The king removed the finance minister and the bureau’s long-standing director-general from the board and installed his private secretary, a 69-year-old with no finance or economics background, as chairman and several other loyalists as members.
“The assumption must be that the monarch is now the principal decision-maker,” said Tom Felix Joehnk, a Bangkok-based writer and economist.
The assets are now subject to taxes for the first time, but little else about the portfolio has changed. Vajiralongkorn has retained the corporate shareholdings and generally continued its conservative approach to land.
The plots include some of the most sought-after neighborhoods in the capital, along the Chao Phraya River and in the commercial districts of Silom and Sukhumvit. But Porphant found that 93% of the land generated little to no income, rented at “much lower than market rates” to slum communities, state agencies, schools, foundations and others with special relationships to the crown.
The last category includes the U.S. government, which for decades has rented the ambassador’s residence — a stately, blue-shuttered mansion surrounded by lawns — for just “a few hundred dollars” a month, Joehnk said.

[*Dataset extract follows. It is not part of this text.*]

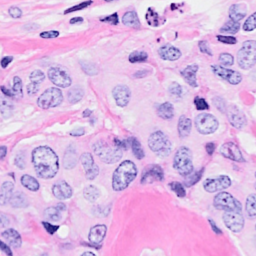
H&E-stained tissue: Breast

Critics say the opaque system allows the king to treat land deals as political favors, at odds with demonstrators’ goal of a modern constitutional monarchy. In a 2011 interview with author Serhat Unaldi, former director Chirayu Isarangkun na Ayuthaya said the bureau considered “social benefits … not only financial values” when developing land for commercial use.
Still, the bureau has sought to extract more money from its land since the 1997 Asian financial crisis temporarily wiped out its income.
Newer tenants include Bangkok’s top shopping malls and luxury hotels. In 2017 it signed over several adjoining plots to build Thailand’s biggest private development, a $3.6-billion complex of hotels, condos and a mall on what had been a boxing stadium and night market.
In 2018 the capital’s much loved zoo suddenly announced it was moving from crown-owned land opposite the former king’s residence to a new site in a northern suburb. Other properties in the area have also been retaken by the crown, fueling speculation that Vajiralongkorn might build Bangkok’s first new royal palace in more than a century.
“There is a fair amount of land being developed, but it is not clear to me that there is a shift in the investment strategy,” Joehnk said. “The development of royal land for royal purposes [would be] new, though.”
Those seeking answers from the bureau, which didn’t respond to an interview request, would be disappointed. It hasn’t published an annual report since 2016. Parts of its website pull up empty pages; most of the English-language site is “under construction.”
“The status of the organization is clear now, whereas it wasn’t so clear before,” said Kevin Hewison, an emeritus professor of Asian studies at the University of North Carolina at Chapel Hill. “It was in a legal nether land and it’s not now. It’s the king’s own personal property. But there’s much less information about it.”